Gainesville —
Cooke County and National Weather Service officials are scheduled to partner in a dual-taught severe weather-spotting program set for Wednesday, Feb. 6, at Gainesville Civic Center.
The two-hour seminar is free, open to the public and now an annual tradition. Cooke County Fire Marshal Ray Fletcher, who co-hosts the program, said recently that the information will be useful for everyone who attends, not just storm-spotting buffs.
“It will help them better understand what to look for and how to react appropriately,” he said. “Even the lay person who goes to it will have a better understanding of how to perform during severe weather and when to be concerned, and when to know that it’s just a thunderstorm.
“That way, they don’t end up in their storm shelters every time thunder rolls around,” Fletcher added. “They’ll know when it’s imperative to seek shelter.”
This program will discuss thunderstorm formation, severe weather production, and features associated with severe storms. The presentation will also review tornado formation and behavior, non-threatening clues which may be mistaken for significant features, and safety when thunderstorms threaten. The program will discuss spotter operations and recommended reporting procedures, and will include nearly 25 minutes of storm video clips.
The National Weather Service is locally relevant, since the service’s Metroplex-area facility covers 46 counties — including Cooke County, all of them susceptible to floods, high winds and “supercells,” which are thunderstorms with persistent cyclone rotations that can become tornadoes.
Supercells are a common topic at the annual Gainesville seminar. They have special characteristics, such as a duration of more than 30 minutes, a beaver-shaped tail and an absence of rain at the base.
Intense storms with durations longer than a half-hour, Huckaby said, are almost guaranteed to become more dangerous.

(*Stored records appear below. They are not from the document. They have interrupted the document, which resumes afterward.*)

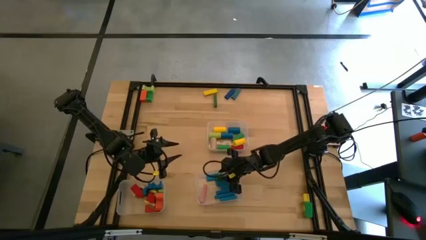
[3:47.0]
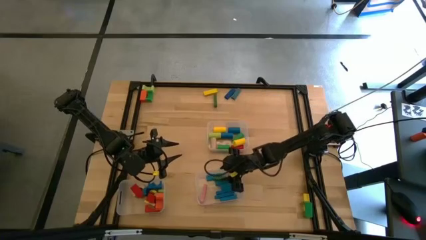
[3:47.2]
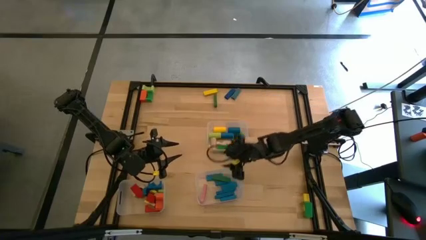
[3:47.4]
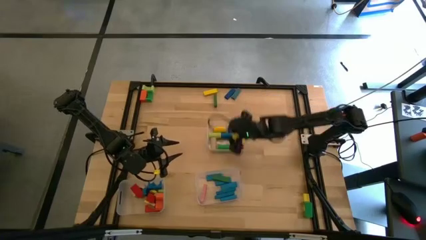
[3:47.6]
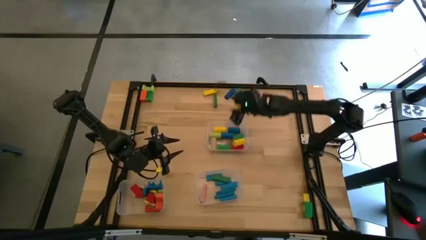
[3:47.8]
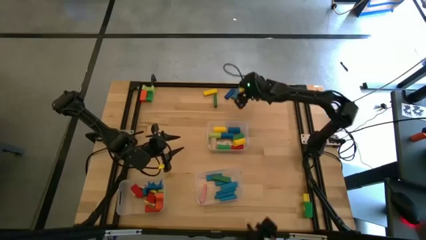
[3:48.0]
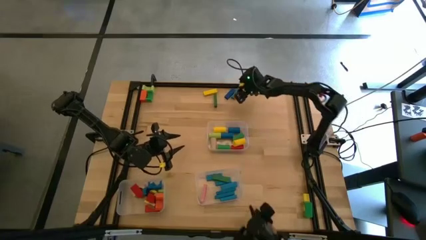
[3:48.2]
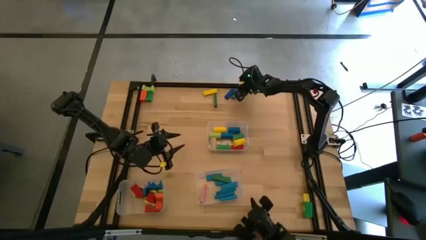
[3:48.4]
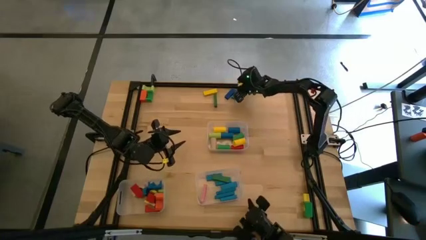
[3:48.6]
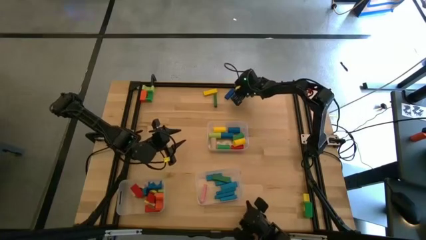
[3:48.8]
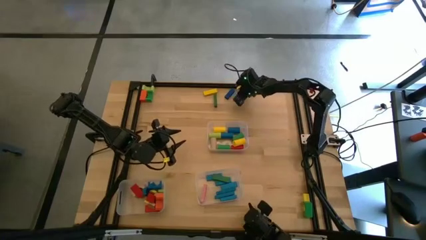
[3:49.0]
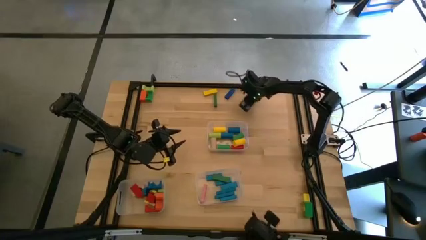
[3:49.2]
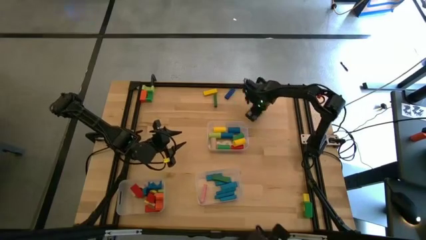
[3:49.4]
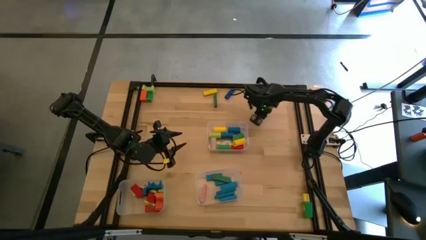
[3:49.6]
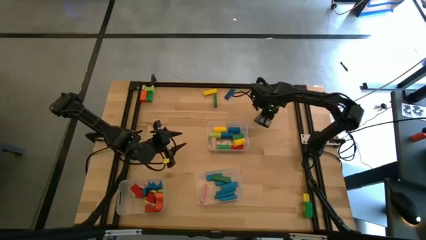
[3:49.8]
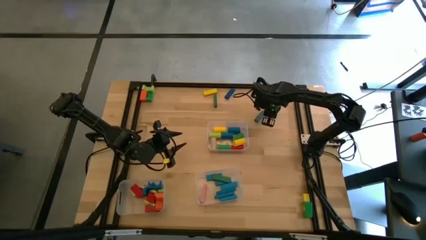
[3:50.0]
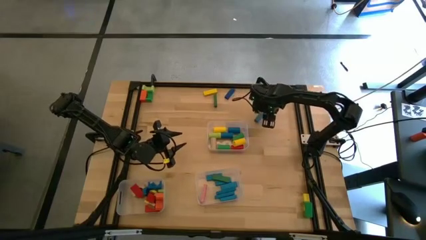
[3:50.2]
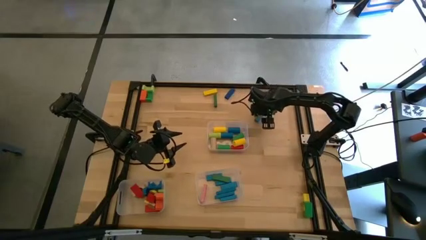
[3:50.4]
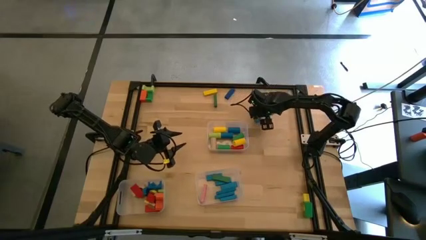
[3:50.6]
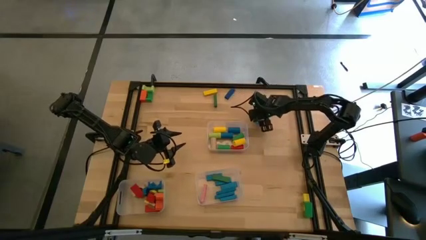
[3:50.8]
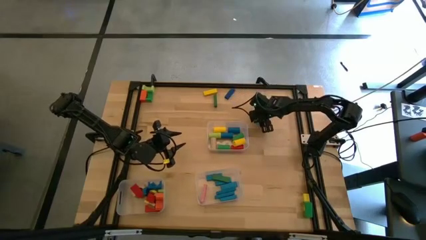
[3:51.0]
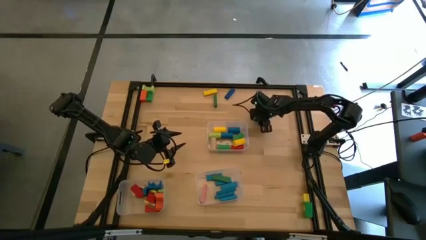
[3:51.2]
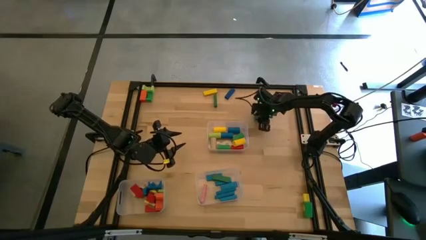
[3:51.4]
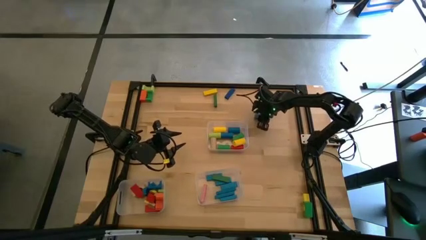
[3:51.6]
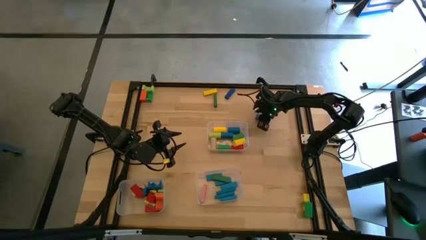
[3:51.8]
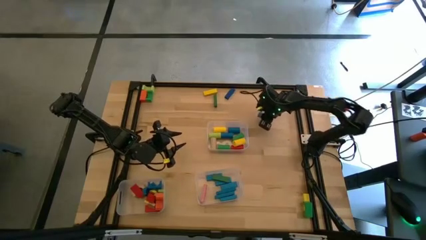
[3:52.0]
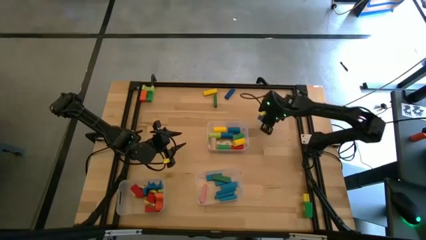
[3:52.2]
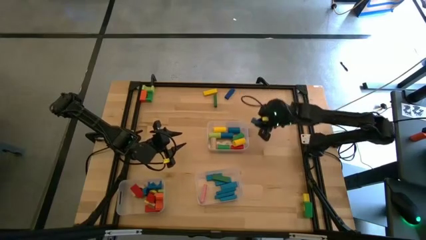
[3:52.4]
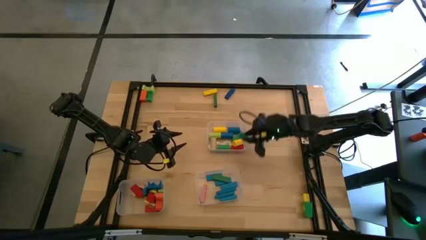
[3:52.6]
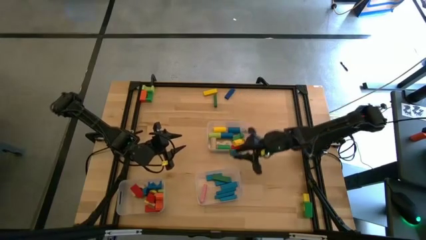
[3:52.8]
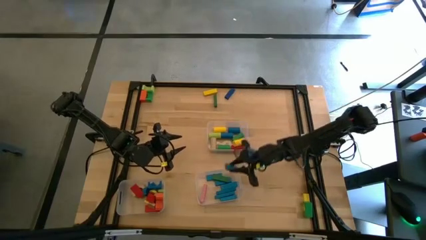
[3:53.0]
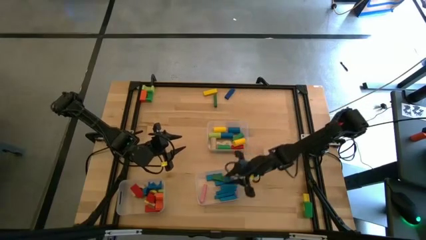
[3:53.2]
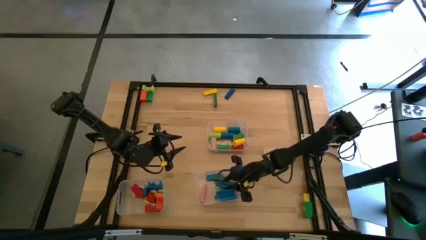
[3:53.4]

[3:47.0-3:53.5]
Task: Sort blocks by size
Put the blue rectangular block into the bottom right transparent bin

Only 10 to 15 percent of supercells that form, however, produce bonafide tornadoes. During the 2012 seminar, visiting NWS official Dan Huckaby admitted that if the NWS issued a tornado warning based on every supercell in the forecast, the public would suffer a massive false alarm rate.
He cited a series of 10 wind funnels throughout north Texas in April 2012 that belonged to the same storm system responsible for a severe, destructive tornado in Tuscaloosa County, Ala.

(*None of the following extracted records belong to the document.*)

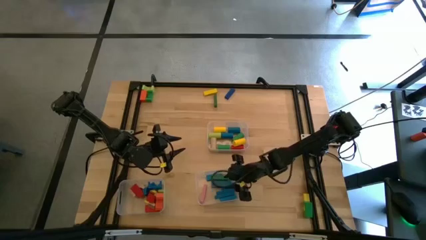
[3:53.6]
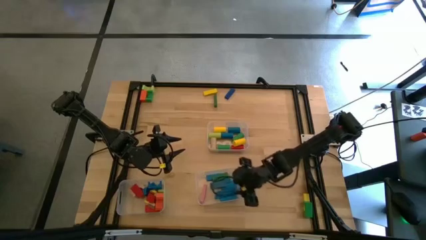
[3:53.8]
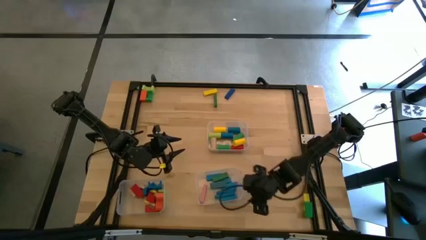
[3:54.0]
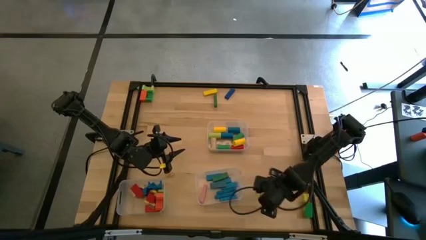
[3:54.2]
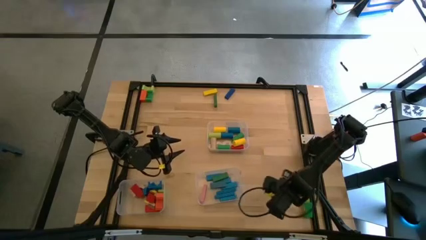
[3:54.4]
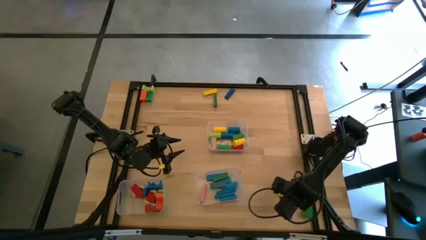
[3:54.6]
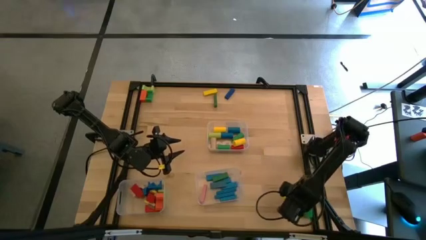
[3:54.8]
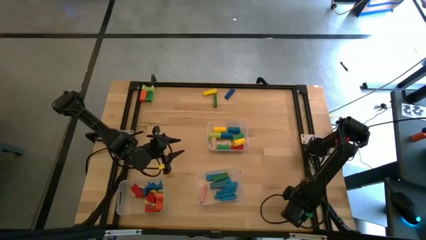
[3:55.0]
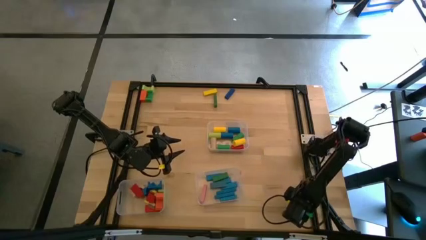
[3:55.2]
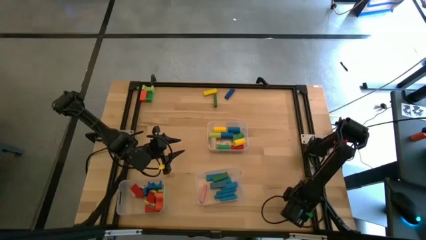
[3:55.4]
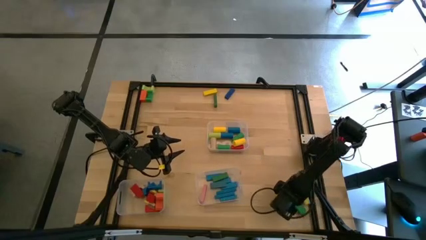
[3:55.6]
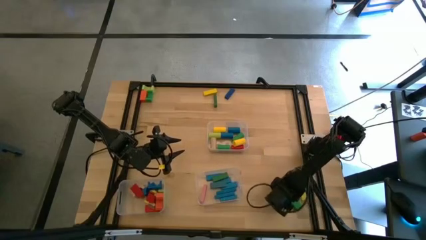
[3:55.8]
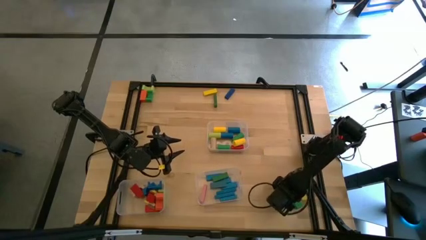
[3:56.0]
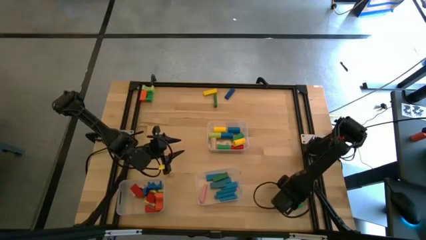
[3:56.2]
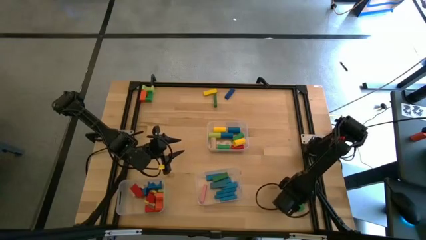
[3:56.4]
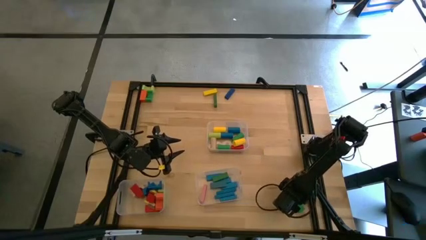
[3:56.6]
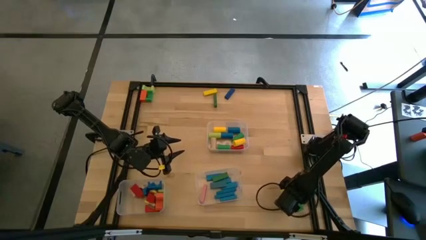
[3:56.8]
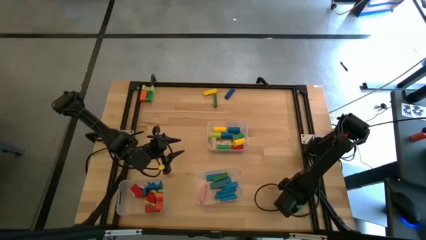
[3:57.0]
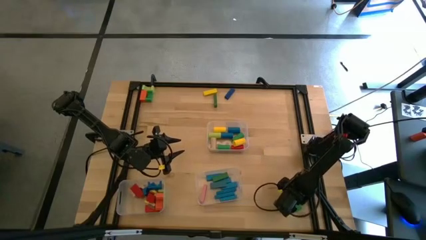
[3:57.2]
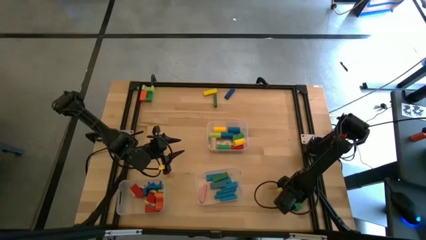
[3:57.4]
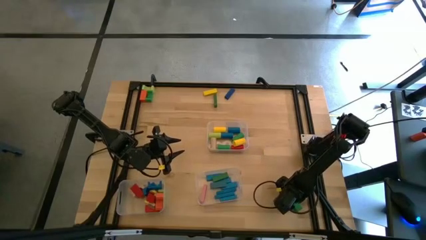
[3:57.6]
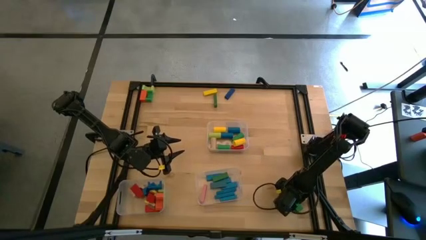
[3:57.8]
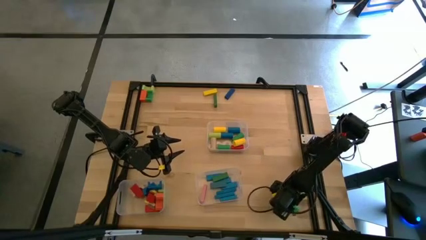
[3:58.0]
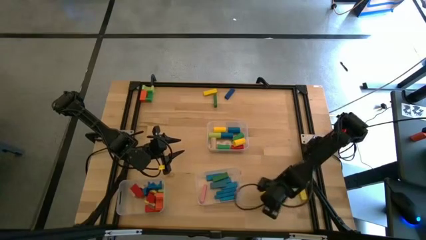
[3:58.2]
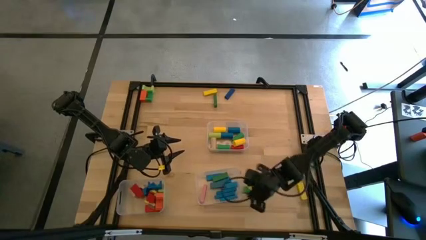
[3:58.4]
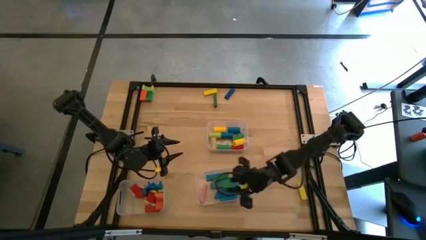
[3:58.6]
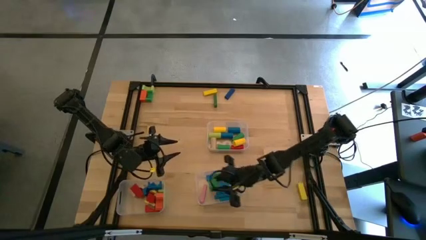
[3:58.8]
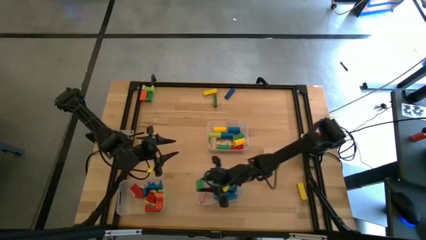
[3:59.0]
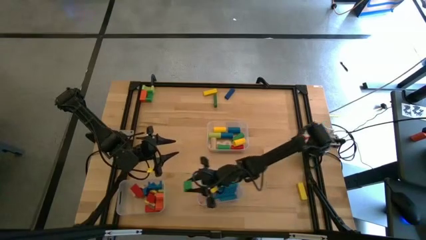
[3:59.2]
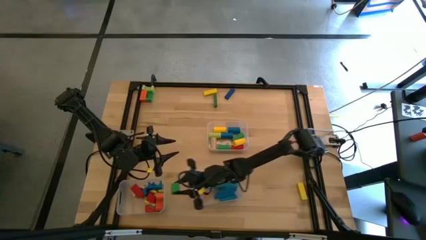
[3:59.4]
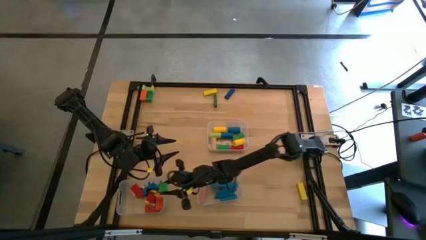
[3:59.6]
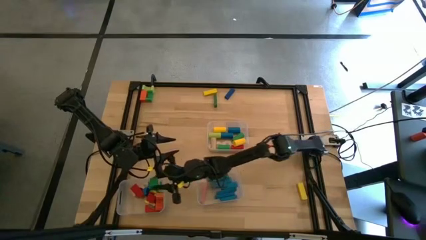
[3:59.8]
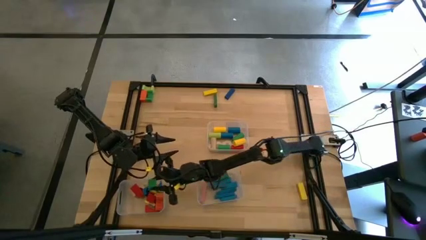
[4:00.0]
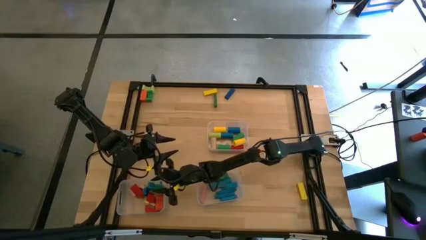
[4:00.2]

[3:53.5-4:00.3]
Put the green arch block into the bottom left transparent bin

But many of those funnels were mistaken for tornado-grade supercells more powerful than they were, and this was due to a lack of information about storm features.
“We had some wind damage but no tornadoes,” Huckaby said in 2012, adding that during a storm, NWS radar can’t detect the ground-level storm traits that an informed spotter can see up close. “As storm spotters, you not only help us but the entire community as a result.”